The Wild's seven-game road winning streak ended Saturday, but it's road point streak reached nine games (7-0-2, tied for 2nd-longest in franchise history) during a 4-3 overtime loss at the Los Angeles Kings.
The Wild has points in 19 of the past 21 games overall (15-2-4) and 12 of its past 13 road games (8-1-4), but Bruce Boudreau yet again wasn't thrilled after the Wild gave up four goals for a fifth time in six games (22 total, still 4-1-1 somehow in that span).
He wasn't celebrating that the point – provided by Zach Parise's last-minute power-play goal off an Eric Staal setup -- gave the Wild 53 points in 38 games for the best first half in franchise history three games before the first half's even over.
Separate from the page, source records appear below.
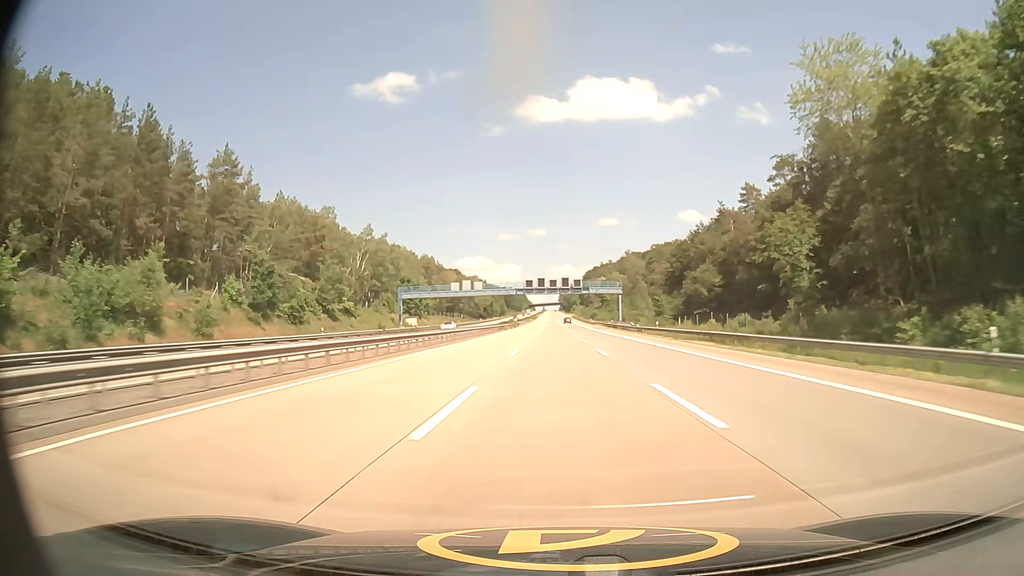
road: motorway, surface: asphalt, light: Day
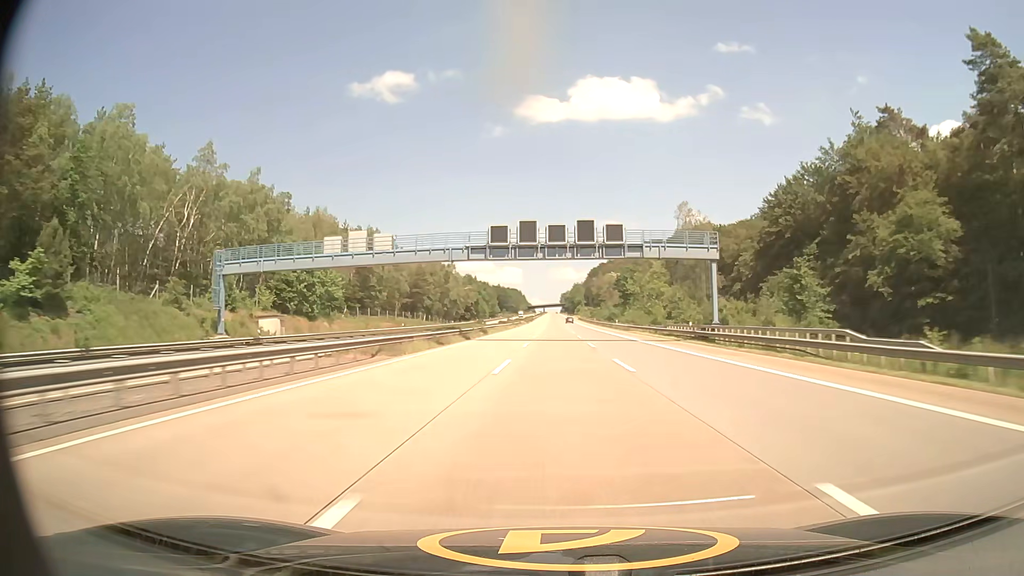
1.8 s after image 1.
(-0.2, +63.3) m; 0°
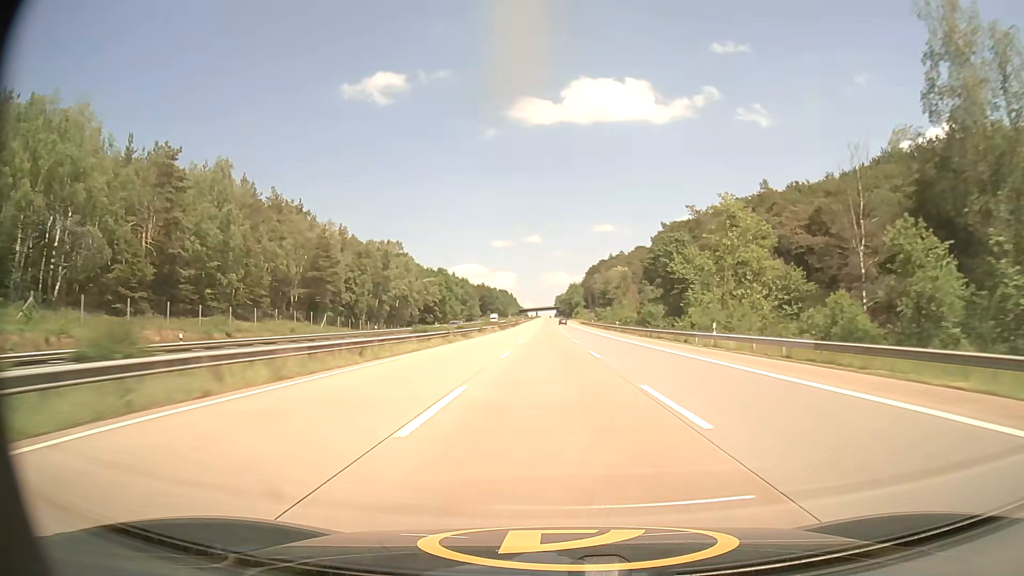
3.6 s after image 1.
(+0.2, +63.7) m; 0°
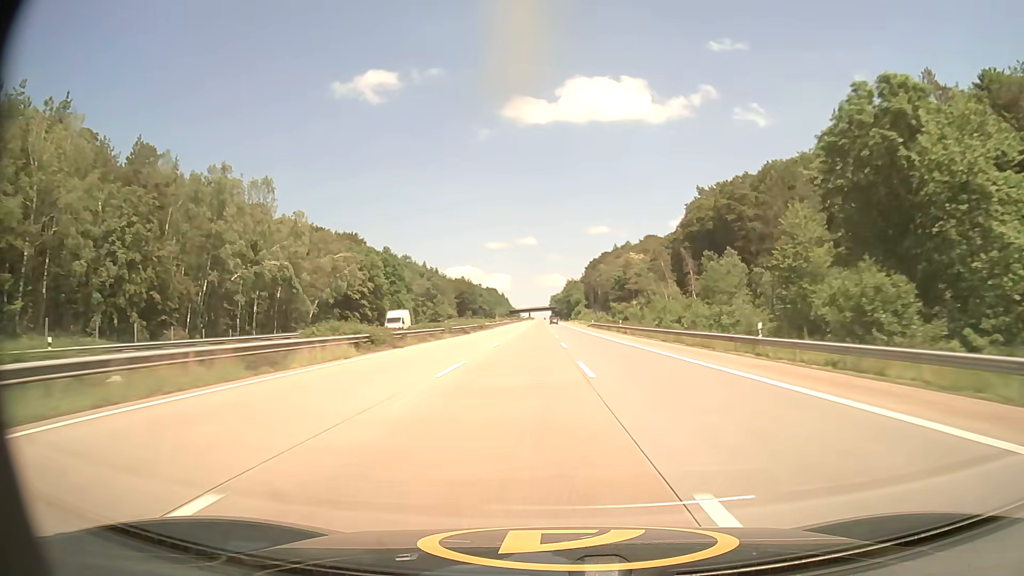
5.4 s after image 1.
(+0.4, +64.0) m; +1°
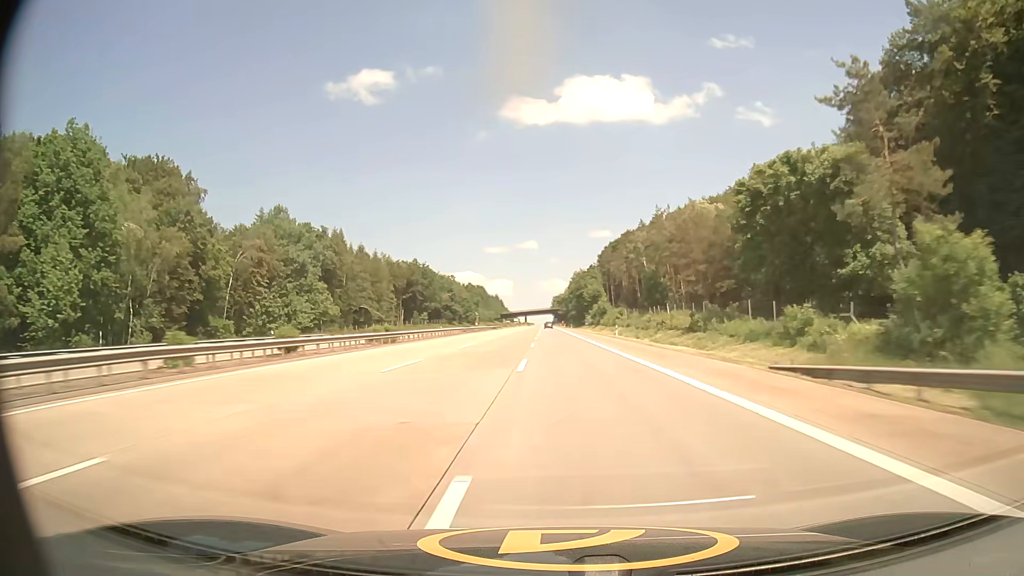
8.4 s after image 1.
(+0.3, +106.7) m; 0°
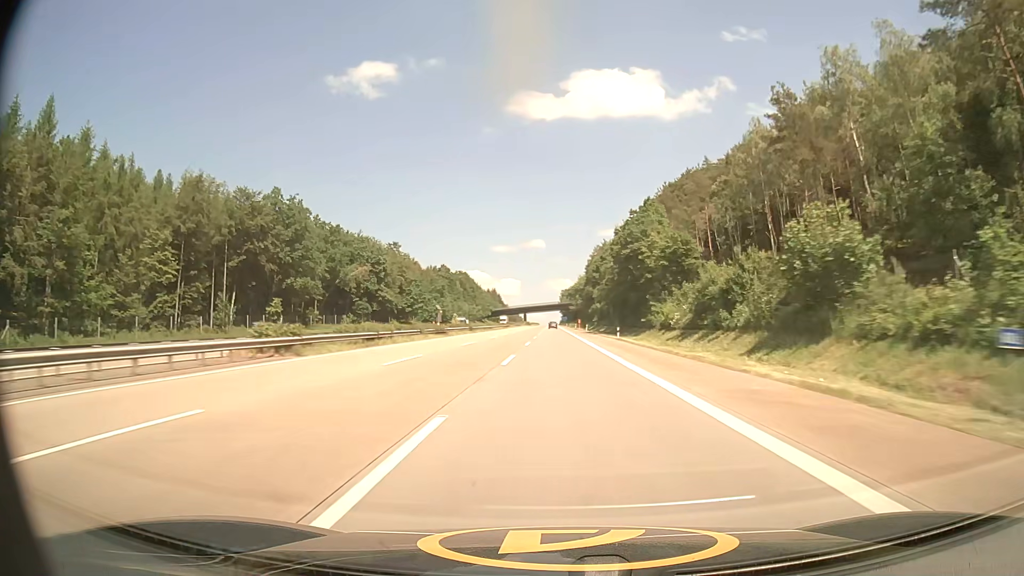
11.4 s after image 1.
(-0.7, +105.5) m; -1°
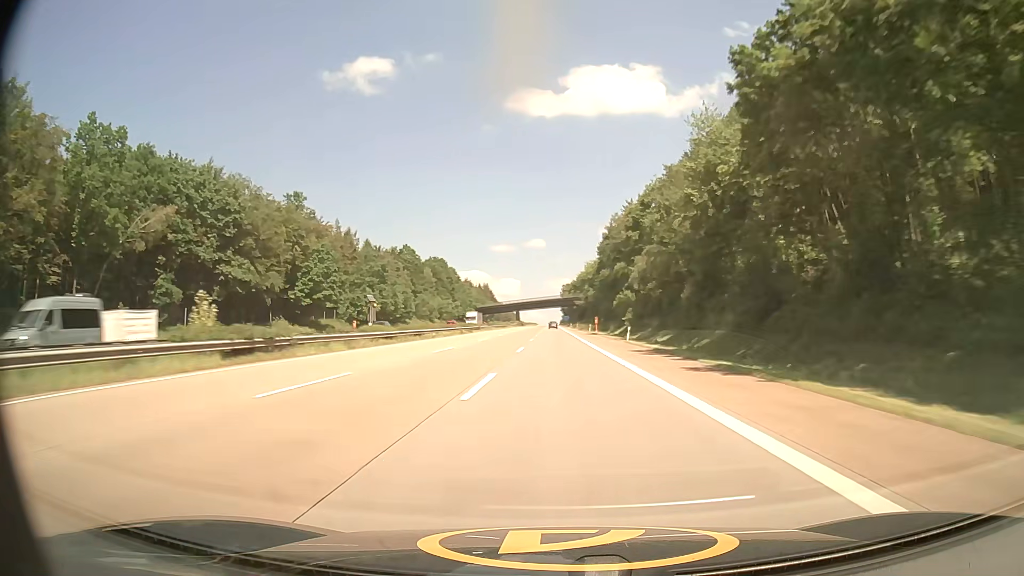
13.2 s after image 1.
(-0.1, +62.8) m; 0°
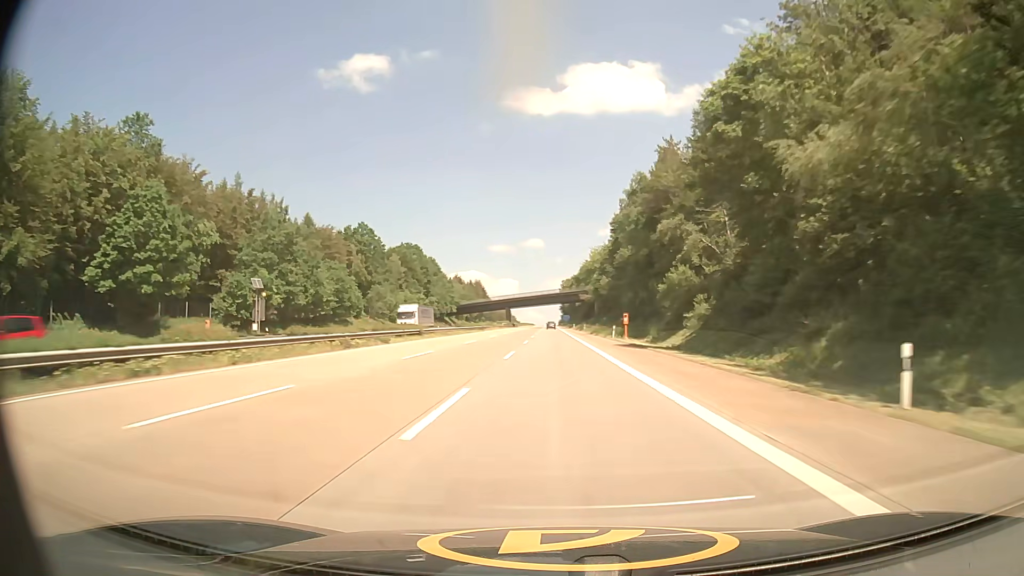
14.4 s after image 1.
(+0.1, +41.8) m; 0°
(0, +10) (0, +20) (0, +30) (0, +40) (0, +50) (0, +60) (0, +70) (0, +80) (0, +90) (0, +100) m

And, he wasn't celebrating that the Wild's .697 points percentage (best in the West) assures that it'll still have the best points percentage in the Central by the end of Tuesday night. That means Boudreau, who has come close in the past but missed either because of a late loss or an Olympic year, will coach in his first NHL All-Star Game later this month right back here in the Staples Center.
He quipped, "So, I have to come back here? %$&#!!!"
In all seriousness, Boudreau said he'd rather have the other point tonight and the only accomplishment that matters is winning a Stanley Cup and the Wild cannot consider itself a "legitimate, good team" if it doesn't reverse this leaky trend and start defending and checking well again.
Tonight, after Mikko Koivu and Charlie Coyle gave the Wild a 2-0 lead by the 7:27 juncture, Darryl Sutter called time, gave it to his team and the Wild tried to defend its way to victory. The Kings got pucks deep, controlled the neutral zone to force turnovers and didn't allow the Wild any ability to generate consistent pressure.
As Parise said, the Wild couldn't do anything clean, couldn't get pucks away from the wall (where the big, strong Kings thrive) and couldn't get them out of their face.
Darcy Kuemper struggled, giving up a bad goal to Jeff Carter to begin the Kings comeback and another leaky goal on Jake Muzzin's go-ahead power-play goal early in the third. In between, Marian Gaborik took a shot that caromed off Kuemper, then Ryan Suter's visor, and in.